14 There is clearly a factual dispute about whether there was a conversation between Mr Pages and Detective Senior Constable Yuswak on 1 February 2011 and a subsequent meeting. I note that Mr Pages does not unequivocally state he handed Detective Senior Constable Yuswak any CCTV footage of the incident. Issues of the credibility of Detective Senior Constable Yuswak and Mr Pages arise which cannot be resolved on the affidavits, and I have not been asked by the parties to hear oral evidence on the question.
15 In these circumstances, it is not possible at this time to be satisfied that there has been a breach of a prosecutor's disclosure obligations. But even if there was, it is not clear how the CCTV footage would have affected the trial, and in particular, the conduct of the defence.

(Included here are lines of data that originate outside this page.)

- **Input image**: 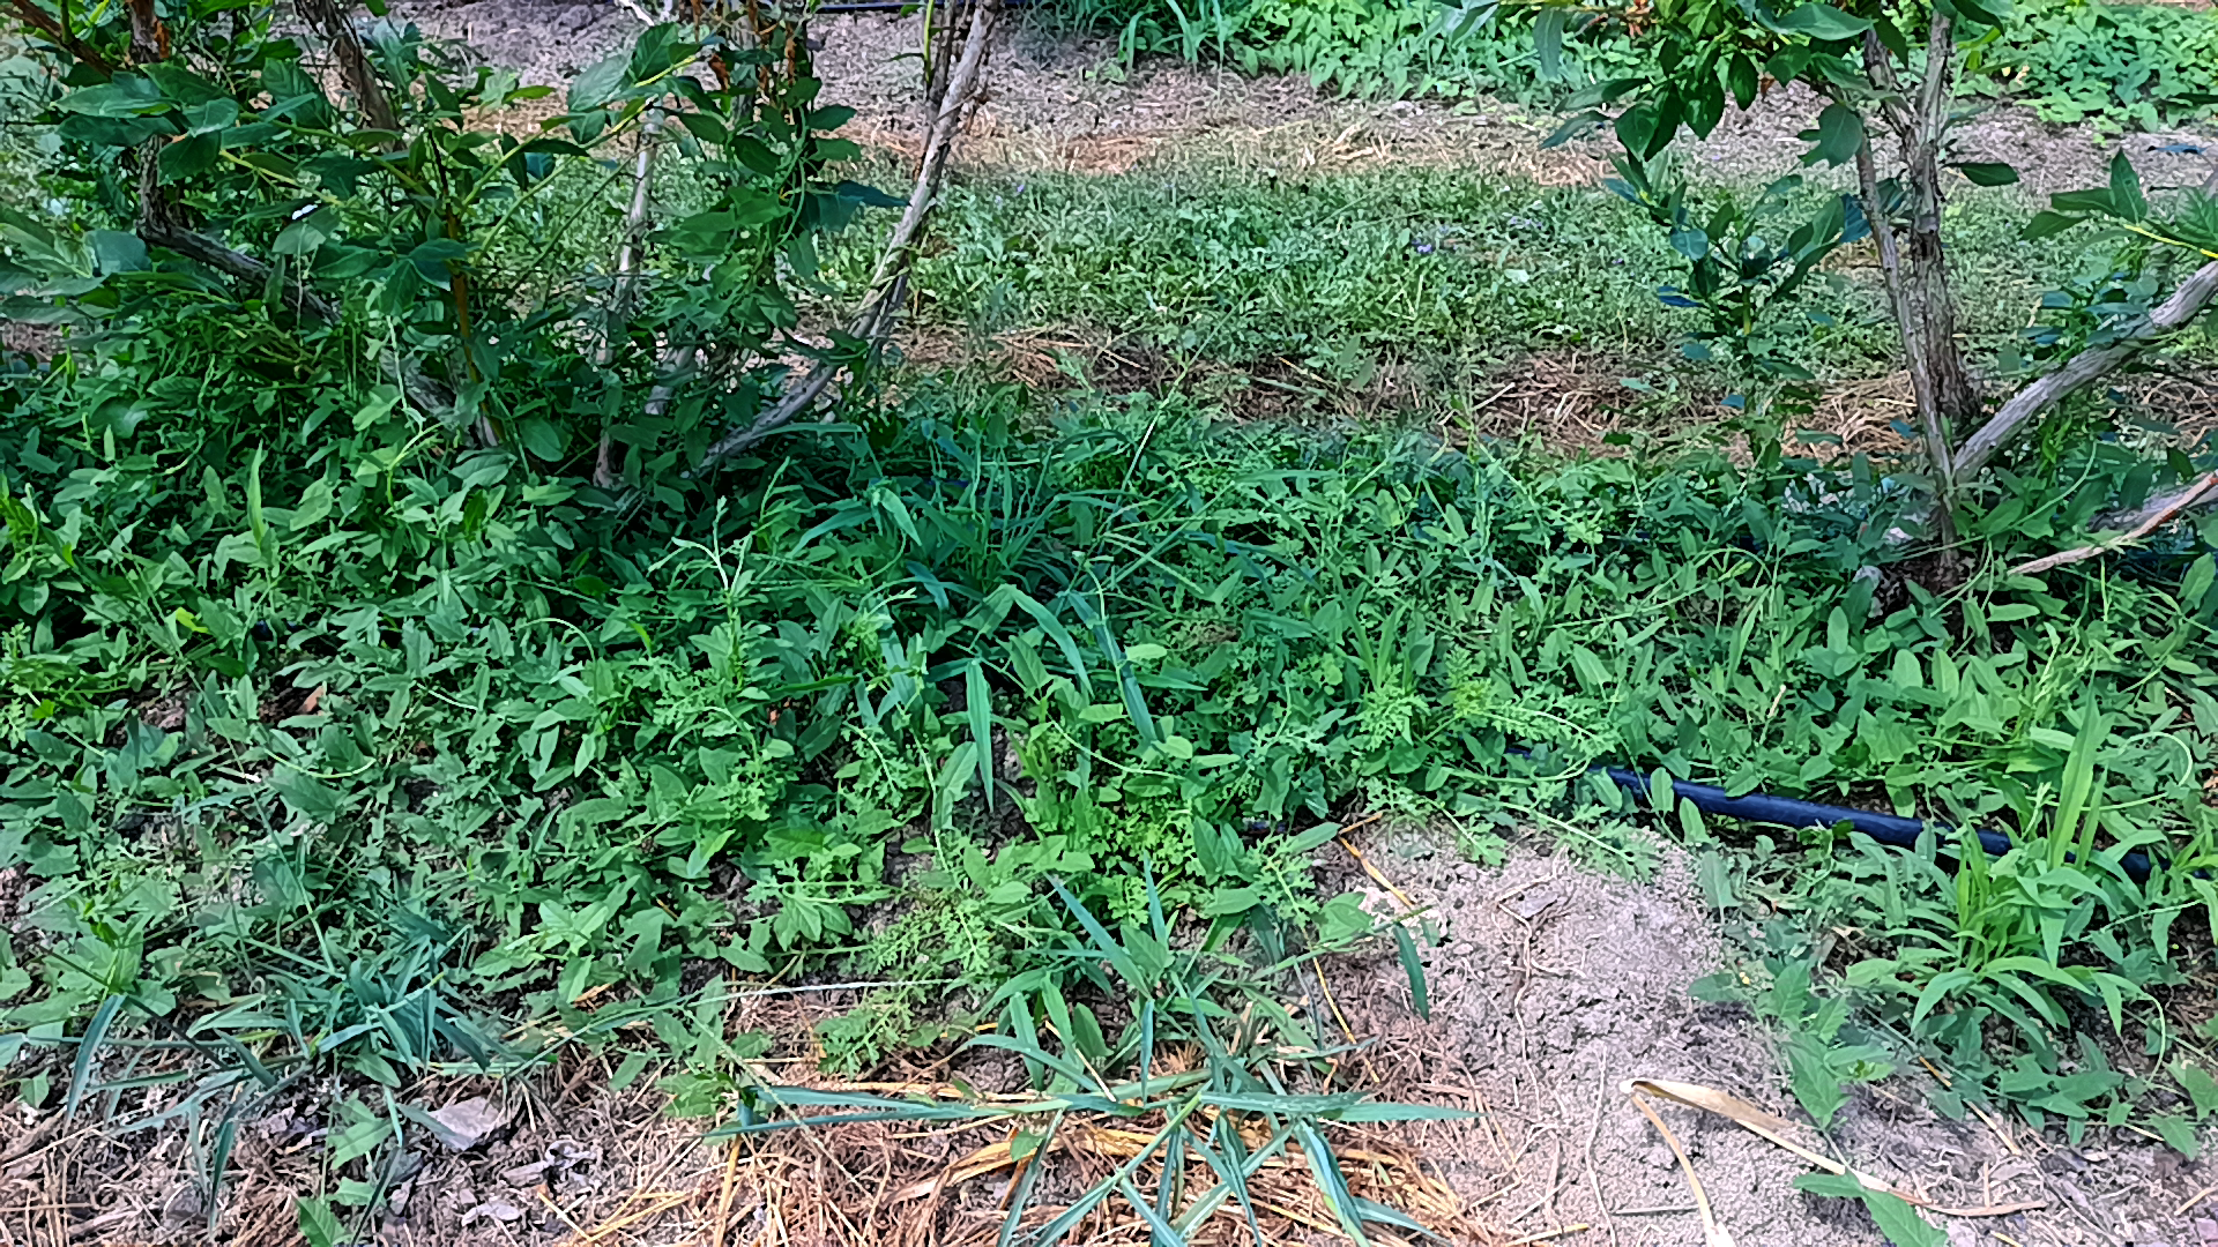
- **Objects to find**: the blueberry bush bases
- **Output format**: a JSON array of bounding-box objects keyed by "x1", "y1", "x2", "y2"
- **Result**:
[
  {"x1": 1780, "y1": 223, "x2": 2204, "y2": 718},
  {"x1": 295, "y1": 179, "x2": 982, "y2": 644}
]
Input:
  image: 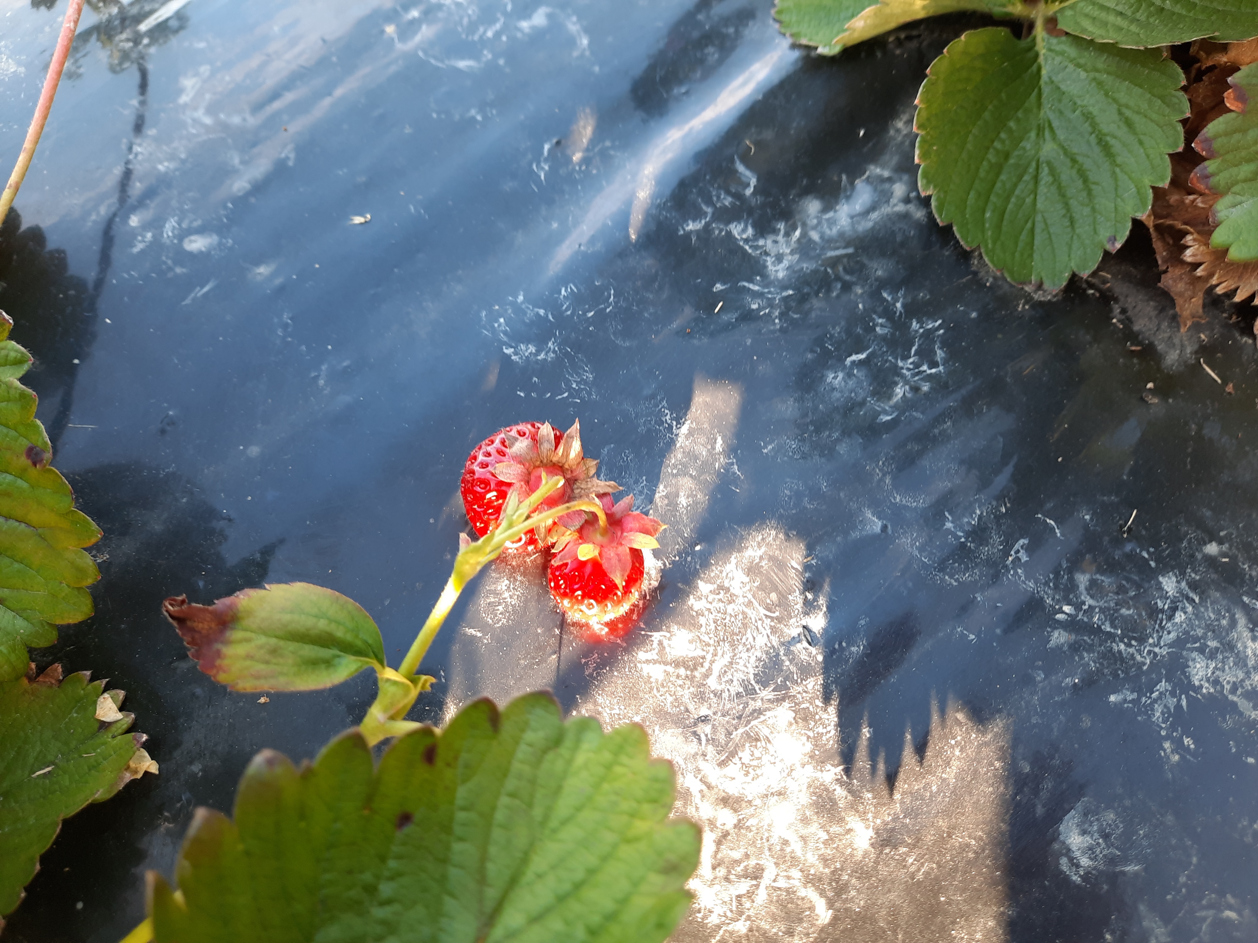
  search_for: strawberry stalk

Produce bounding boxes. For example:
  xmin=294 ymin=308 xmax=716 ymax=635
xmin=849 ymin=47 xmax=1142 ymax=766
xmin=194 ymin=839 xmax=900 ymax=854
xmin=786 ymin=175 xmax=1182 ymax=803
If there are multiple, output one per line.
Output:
xmin=498 ymin=490 xmax=619 ymax=562
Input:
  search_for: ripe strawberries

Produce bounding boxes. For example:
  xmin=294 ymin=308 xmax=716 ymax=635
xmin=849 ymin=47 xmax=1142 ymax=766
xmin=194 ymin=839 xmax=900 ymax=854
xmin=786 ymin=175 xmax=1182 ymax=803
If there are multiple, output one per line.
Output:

16 The evidence before me is to the effect that the CCTV cameras do not record what occurs on the dance floor. Mr Watters, counsel for the appellant, submitted that the vision could have been used to discredit the eyewitnesses to the incident, or to record the appellant leaving the nightclub before the incident is said to have occurred. These propositions, at the moment, are no more than assertions and cannot be sustained.
17 For these reasons, at the present time, I am not persuaded that draft ground 1 has strong prospects of success.
18 The second draft ground was not, in any way, developed before me. It is, in substance, an allegation of miscarriage of justice as a result of the incompetence of the appellant's trial counsel. There is no material to enable me to assess the strength of this ground.
19 The other aspect of the appellant's submission concerning exceptional circumstances is the alleged relatively short length of the sentence that has been imposed upon the appellant. The appellant's earliest date for release on parole is October 2014. If the appeal is proceeded with expeditiously, it will most likely be heard by the end of the year. The argument put on behalf of the appellant is that if that occurs, he will have served a substantial portion of the custodial part of his sentence, in which case, his appeal, if successful, will be rendered largely nugatory. I do not accept this submission. By December 2013, or thereabouts, the appellant will have served not yet half of his non-parole period. If his appeal succeeds, I do not think it can be said to have been largely or substantially nugatory.
20 To conclude then, I am not satisfied, at this stage, that exceptional circumstances exist that would justify a grant of bail, nor am I, in the circumstances, prepared to make an urgent appeal order. The order that I make is that the appellant's application for bail pending appeal, or, alternatively, an urgent appeal order dated 14 June 2013, is dismissed.